Problem to work on: Filter the entries, keeping every line with the string "maskUnits".

——

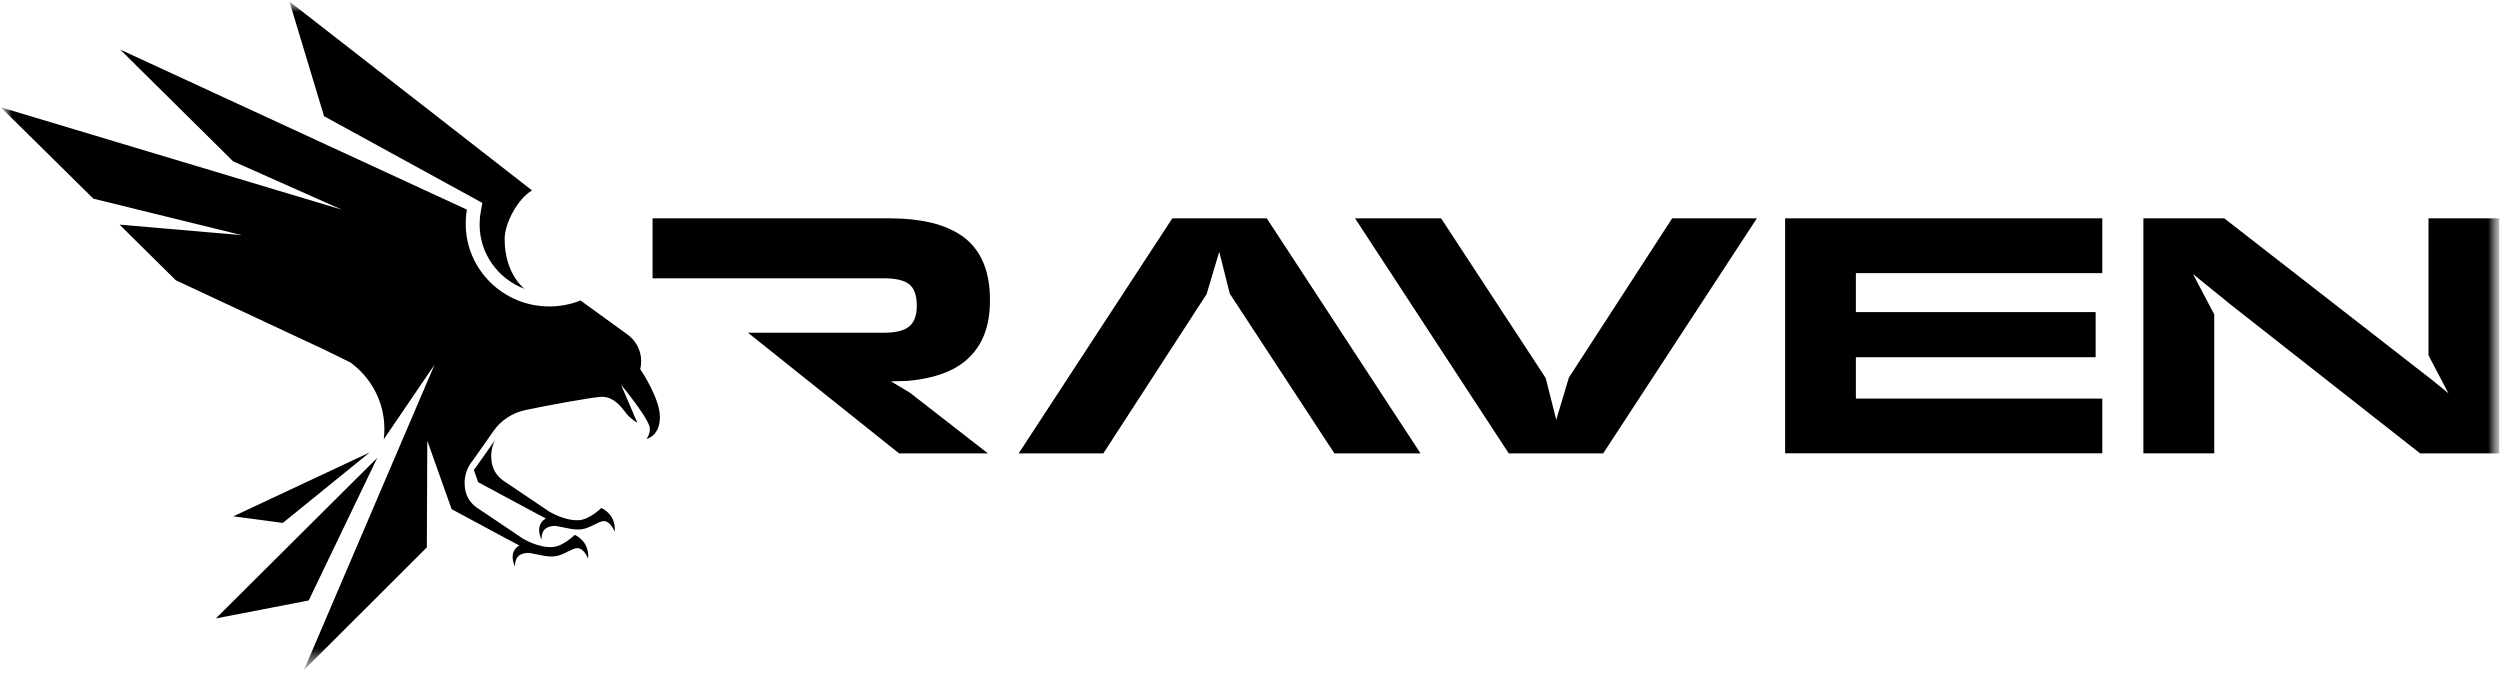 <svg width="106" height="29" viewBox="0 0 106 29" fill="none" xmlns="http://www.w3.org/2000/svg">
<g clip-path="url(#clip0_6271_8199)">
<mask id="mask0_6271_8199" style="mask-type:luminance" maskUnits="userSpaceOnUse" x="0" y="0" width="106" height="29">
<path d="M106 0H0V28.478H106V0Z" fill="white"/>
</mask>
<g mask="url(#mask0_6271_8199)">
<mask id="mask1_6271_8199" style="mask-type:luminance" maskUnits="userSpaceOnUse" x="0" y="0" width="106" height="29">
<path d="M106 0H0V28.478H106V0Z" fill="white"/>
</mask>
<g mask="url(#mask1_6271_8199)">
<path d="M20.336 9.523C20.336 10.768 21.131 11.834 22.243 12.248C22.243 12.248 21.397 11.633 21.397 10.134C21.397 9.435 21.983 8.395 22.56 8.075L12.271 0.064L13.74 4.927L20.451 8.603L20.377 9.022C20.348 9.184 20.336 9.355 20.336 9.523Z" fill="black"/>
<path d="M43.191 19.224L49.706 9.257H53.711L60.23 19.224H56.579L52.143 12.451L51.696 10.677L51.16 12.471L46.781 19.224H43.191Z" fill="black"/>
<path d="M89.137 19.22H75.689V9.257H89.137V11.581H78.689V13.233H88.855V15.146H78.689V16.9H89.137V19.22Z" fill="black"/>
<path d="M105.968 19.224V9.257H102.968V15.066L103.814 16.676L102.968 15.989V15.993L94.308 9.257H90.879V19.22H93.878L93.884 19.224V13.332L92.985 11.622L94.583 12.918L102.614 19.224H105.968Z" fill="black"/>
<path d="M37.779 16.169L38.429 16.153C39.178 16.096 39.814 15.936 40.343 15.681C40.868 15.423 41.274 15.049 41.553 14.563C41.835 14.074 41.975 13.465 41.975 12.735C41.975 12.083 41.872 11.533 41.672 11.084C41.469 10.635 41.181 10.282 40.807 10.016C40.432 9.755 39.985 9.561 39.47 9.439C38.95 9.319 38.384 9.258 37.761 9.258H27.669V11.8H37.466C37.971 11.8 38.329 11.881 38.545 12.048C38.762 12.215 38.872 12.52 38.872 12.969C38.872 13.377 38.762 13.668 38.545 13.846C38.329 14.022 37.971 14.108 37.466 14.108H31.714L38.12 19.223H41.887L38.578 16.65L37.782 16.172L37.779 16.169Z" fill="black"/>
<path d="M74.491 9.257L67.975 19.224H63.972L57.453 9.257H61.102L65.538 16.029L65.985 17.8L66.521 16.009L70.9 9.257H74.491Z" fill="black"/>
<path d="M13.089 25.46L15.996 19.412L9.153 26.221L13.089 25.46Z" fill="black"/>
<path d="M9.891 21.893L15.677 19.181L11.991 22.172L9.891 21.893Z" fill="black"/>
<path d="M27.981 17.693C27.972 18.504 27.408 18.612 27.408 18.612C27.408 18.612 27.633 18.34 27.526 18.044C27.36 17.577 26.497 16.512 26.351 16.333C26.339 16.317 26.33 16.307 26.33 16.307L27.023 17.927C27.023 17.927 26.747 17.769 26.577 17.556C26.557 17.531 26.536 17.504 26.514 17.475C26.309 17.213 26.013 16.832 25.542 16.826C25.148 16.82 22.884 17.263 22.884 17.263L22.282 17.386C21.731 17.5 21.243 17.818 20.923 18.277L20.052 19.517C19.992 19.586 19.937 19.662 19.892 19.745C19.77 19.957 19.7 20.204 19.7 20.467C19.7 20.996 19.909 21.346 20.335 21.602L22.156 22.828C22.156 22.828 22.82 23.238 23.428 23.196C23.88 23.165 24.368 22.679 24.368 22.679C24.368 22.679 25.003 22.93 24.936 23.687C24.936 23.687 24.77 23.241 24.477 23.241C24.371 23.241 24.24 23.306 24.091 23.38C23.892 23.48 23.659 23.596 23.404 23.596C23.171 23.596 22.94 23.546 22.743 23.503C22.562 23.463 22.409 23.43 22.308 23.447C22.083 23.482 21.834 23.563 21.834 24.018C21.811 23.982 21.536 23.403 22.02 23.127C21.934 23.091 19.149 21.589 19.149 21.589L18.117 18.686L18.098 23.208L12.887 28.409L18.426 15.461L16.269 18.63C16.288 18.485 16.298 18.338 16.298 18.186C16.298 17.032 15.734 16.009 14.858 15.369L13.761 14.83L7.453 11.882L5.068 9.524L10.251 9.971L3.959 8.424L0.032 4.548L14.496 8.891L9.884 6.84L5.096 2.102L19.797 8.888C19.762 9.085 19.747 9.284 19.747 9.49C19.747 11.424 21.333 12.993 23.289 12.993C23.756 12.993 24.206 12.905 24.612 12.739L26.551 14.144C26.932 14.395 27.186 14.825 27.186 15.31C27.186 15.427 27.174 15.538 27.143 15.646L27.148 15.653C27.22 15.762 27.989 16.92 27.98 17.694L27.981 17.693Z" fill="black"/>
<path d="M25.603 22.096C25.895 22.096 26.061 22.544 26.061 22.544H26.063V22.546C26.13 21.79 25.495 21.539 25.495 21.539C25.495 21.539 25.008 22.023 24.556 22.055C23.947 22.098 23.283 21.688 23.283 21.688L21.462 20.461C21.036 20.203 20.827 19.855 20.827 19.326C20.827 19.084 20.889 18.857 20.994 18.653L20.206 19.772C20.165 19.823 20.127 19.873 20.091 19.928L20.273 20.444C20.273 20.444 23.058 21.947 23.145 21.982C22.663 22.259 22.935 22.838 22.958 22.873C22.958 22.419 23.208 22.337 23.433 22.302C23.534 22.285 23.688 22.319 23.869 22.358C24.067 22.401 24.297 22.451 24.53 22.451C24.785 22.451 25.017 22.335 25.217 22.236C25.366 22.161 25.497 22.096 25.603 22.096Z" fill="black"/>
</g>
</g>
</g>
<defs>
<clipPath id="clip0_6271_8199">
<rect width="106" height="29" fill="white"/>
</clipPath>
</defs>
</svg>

——

Exercise result:
<mask id="mask0_6271_8199" style="mask-type:luminance" maskUnits="userSpaceOnUse" x="0" y="0" width="106" height="29">
<mask id="mask1_6271_8199" style="mask-type:luminance" maskUnits="userSpaceOnUse" x="0" y="0" width="106" height="29">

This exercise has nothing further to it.